| Work required |
Copy exactly the line containing "land cover: Shrubland with sparse tree cover" and each line after it to the end of the listing, and output nothing else.

*** Begin section ***

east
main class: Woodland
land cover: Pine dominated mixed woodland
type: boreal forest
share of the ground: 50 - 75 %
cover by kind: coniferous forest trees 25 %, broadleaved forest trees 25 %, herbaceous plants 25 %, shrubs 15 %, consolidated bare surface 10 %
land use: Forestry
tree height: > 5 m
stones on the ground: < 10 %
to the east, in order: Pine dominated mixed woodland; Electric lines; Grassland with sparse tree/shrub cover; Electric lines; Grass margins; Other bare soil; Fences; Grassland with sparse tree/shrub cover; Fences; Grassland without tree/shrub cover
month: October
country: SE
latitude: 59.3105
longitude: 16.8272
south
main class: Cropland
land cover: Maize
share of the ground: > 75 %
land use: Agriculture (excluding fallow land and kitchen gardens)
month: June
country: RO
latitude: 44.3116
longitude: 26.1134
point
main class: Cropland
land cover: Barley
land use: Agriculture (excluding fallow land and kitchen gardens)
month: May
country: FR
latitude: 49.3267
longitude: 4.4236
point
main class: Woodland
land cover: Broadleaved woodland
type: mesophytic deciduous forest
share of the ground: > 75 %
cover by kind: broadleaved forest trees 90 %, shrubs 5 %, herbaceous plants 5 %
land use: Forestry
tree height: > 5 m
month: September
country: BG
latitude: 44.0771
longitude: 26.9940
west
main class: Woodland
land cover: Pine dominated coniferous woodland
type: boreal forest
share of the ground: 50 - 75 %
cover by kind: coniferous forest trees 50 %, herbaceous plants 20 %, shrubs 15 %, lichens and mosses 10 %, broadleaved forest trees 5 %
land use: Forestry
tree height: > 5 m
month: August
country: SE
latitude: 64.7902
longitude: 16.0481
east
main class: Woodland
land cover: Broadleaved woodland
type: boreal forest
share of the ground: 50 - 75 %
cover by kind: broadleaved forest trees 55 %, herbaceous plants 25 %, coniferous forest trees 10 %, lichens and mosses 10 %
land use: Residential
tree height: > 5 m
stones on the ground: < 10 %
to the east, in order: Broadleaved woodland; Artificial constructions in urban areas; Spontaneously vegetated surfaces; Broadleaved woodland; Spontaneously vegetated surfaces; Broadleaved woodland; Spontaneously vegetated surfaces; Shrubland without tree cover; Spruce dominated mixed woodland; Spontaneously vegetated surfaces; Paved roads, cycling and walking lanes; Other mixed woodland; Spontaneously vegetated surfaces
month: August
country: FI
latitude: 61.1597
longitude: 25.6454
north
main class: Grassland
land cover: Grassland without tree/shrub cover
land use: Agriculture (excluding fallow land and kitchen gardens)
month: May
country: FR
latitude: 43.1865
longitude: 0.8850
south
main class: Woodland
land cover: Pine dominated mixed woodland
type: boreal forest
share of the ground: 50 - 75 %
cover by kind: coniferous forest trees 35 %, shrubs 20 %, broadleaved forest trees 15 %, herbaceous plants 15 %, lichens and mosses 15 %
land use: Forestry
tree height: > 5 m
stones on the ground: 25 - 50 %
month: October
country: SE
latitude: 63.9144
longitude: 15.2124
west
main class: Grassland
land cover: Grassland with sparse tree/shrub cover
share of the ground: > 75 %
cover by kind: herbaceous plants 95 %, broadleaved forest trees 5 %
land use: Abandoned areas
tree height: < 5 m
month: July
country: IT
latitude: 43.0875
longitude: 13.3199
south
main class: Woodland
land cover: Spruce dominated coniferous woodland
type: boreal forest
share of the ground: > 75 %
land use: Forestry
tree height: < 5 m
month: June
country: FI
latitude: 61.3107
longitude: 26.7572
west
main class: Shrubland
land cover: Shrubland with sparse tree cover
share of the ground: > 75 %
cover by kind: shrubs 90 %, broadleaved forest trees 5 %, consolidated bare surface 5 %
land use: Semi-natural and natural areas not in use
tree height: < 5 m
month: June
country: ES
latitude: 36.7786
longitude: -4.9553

*** End section ***

| Response |
land cover: Shrubland with sparse tree cover
share of the ground: > 75 %
cover by kind: shrubs 90 %, broadleaved forest trees 5 %, consolidated bare surface 5 %
land use: Semi-natural and natural areas not in use
tree height: < 5 m
month: June
country: ES
latitude: 36.7786
longitude: -4.9553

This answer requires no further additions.